» Activity: Can you find the lines of the listing that include "spacing" and copy every one?

--*--

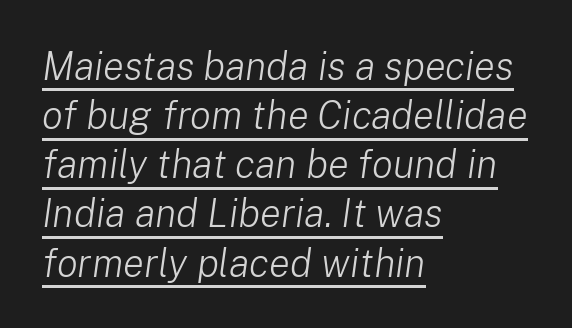
Q: Is the text bold? A: No.
Q: Is the text italic (slanted)? A: Yes, it leans right by about 8 degrees.
Q: Is the text underlined? A: Yes.
Q: How is the paragraph aligned? A: Left-aligned.
Q: Is the spacing between letters normal or unusually wide? A: Normal.
Q: Is the spacing between lines tight, normal or loose? A: Normal.
Q: Width (condensed, normal, or wide)? A: Normal.
Q: Stroke contrast? A: Low.
Q: x-height? A: Medium.
Q: Monospaced? A: No.

--*--

» Exercise result:
Q: Is the spacing between letters normal or unusually wide? A: Normal.
Q: Is the spacing between lines tight, normal or loose? A: Normal.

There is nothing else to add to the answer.